Despite the trench coat, the April chill bit into her flesh and she jammed her hands into her pockets, hunching her shoulders against the cold. For just a moment, she considered calling Helga and spending the night forgetting that Maggie even existed. But Helga would already be in bed... alone maybe, but not necessarily. She didn't feel like taking the chance.

She remembered a bar on Lexington in the Sixties that would do nicely for a couple of drinks—keep her out of the house long enough for Maggie to simmer down and maybe even go off to sleep. She turned the corner and headed south, listening to the squish of her shoes against the wet pavement.

And all she could think of was Maggie... Maggie, who would be annoyed because she had wet feet.

She had known Maggie De Groot since the girl was two months old.

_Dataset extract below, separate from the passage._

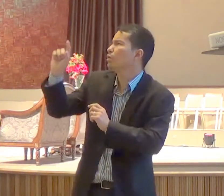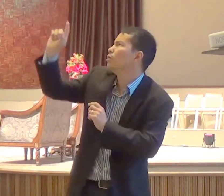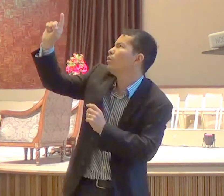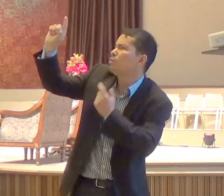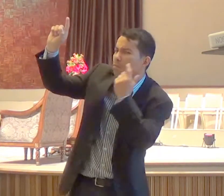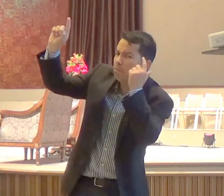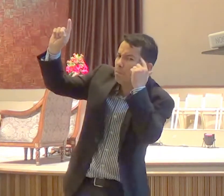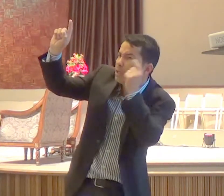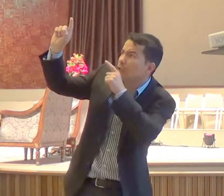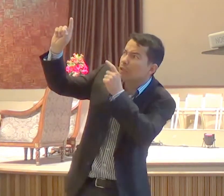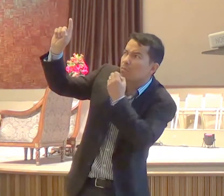tem que ser,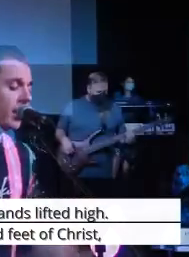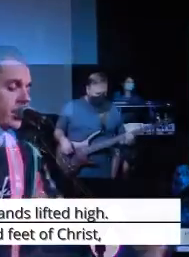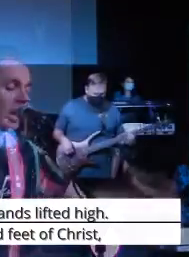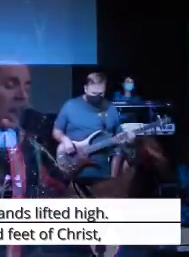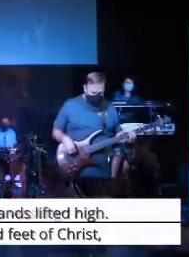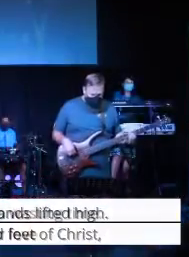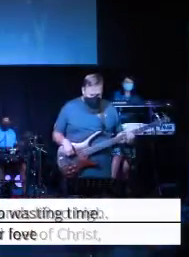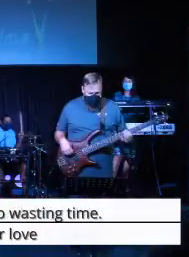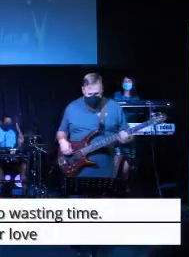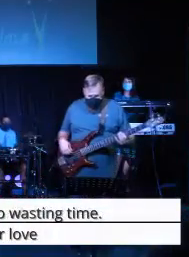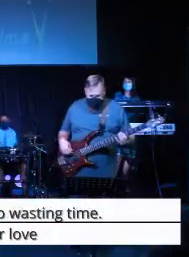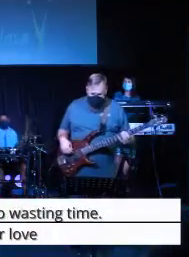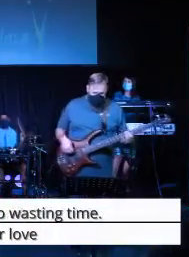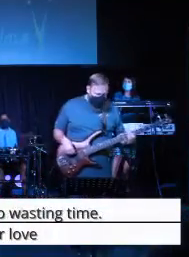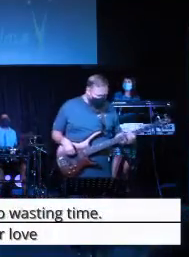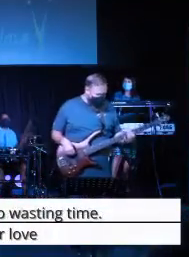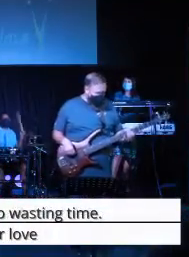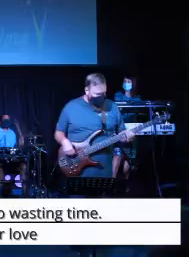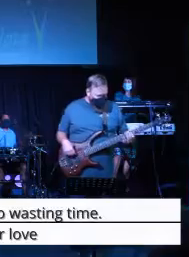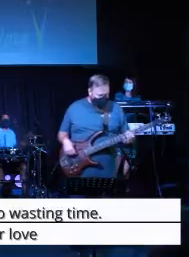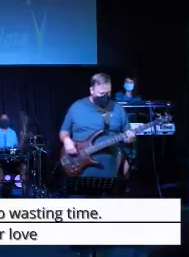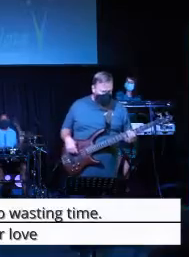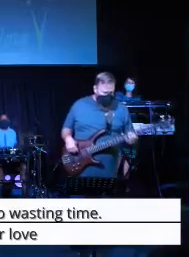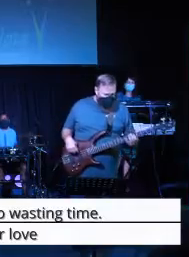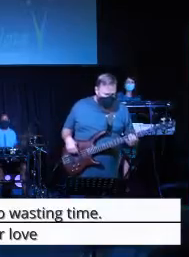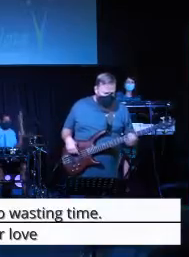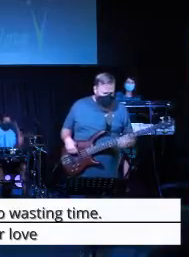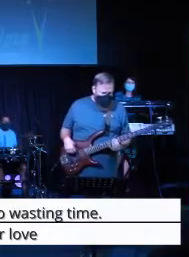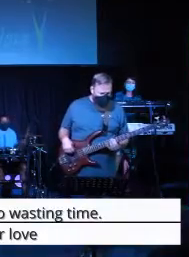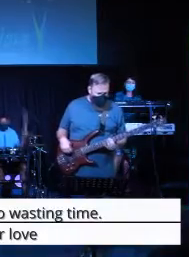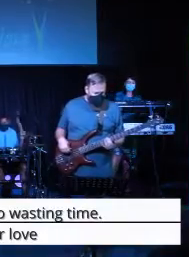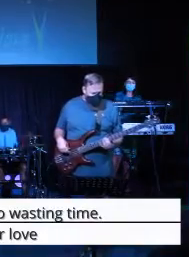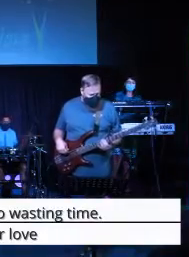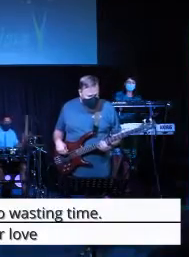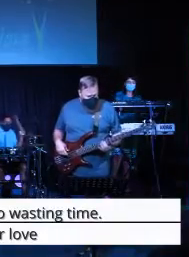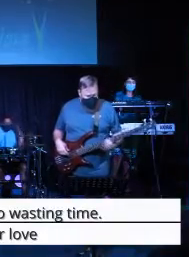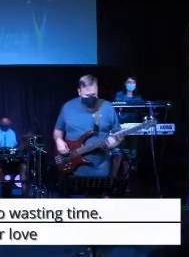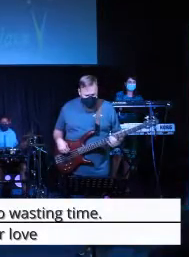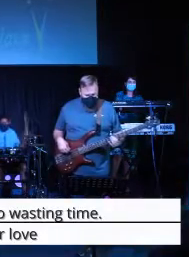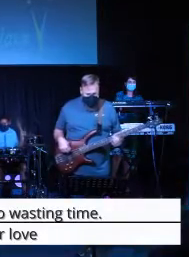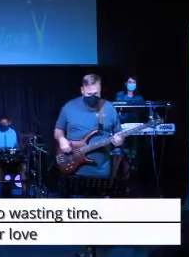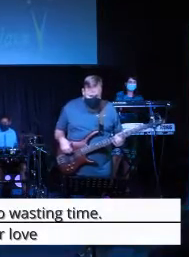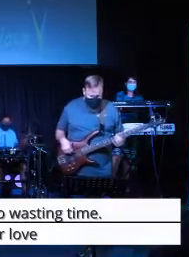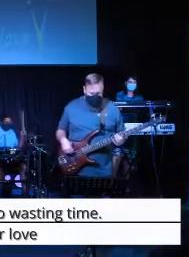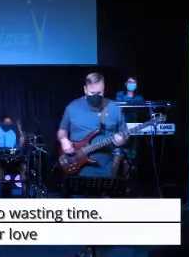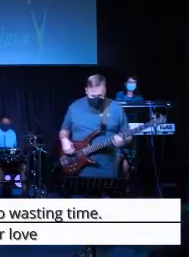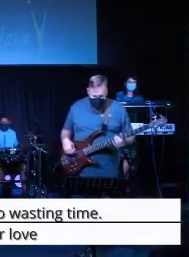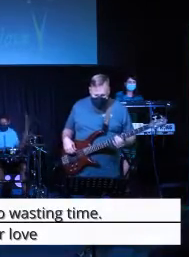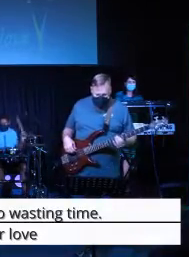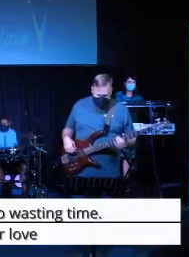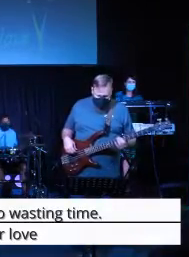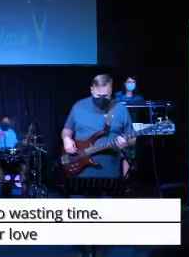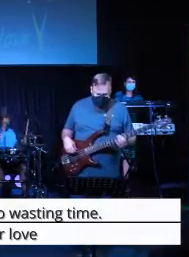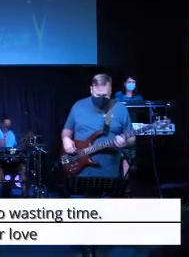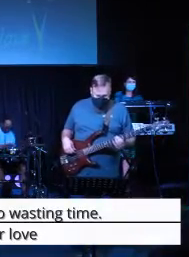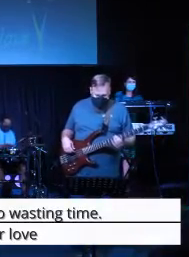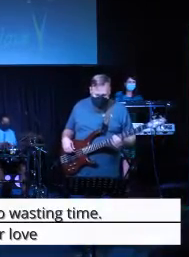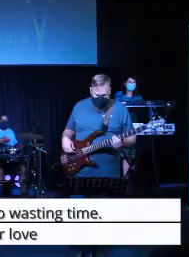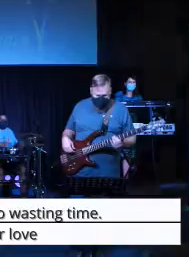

Since Uncle Andrew had brought the red-faced, bunting wrapped motherless baby to Grandmother Kate's. Lee had been just five then and Uncle Andrew had set the baby into her lap and told her to hold up the back of its head. Maggie was the first baby she had ever seen, an ugly little thing with pinkish fuzz all over its head. But even then the bawling baby had stopped crying when Lee held her, had drooled a little and fallen asleep. And in a way, it had been like that ever since.

They had seen each other often when they were kids, being part of the immense, sprawling family that hover-around Grandmother Kate. Weekends and holidays and summers, they had been together, played together. And always Maggie had smiled when she looked at Lee Van Tassel. And Lee had smiled too.

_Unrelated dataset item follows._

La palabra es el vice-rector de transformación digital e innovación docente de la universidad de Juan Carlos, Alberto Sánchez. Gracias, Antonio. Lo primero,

But then Lee's parents had died within months of each other and Lee, as the only direct descendant remaining, had been taken under Kate's iron wing. She had been sent to schools here, there and everywhere, picking up more than a liberal education. She had seen little of the family, except for Kate—and thought little enough about it, too.

For Lee's personal interests had developed along lines she preferred not to flaunt in front of the family. And when finally, at twenty-one, she had finished school, she had refused to move back to Ravensway, Kate's estate. Kate had given her the house on East Sixty-eighth Street and wished her well.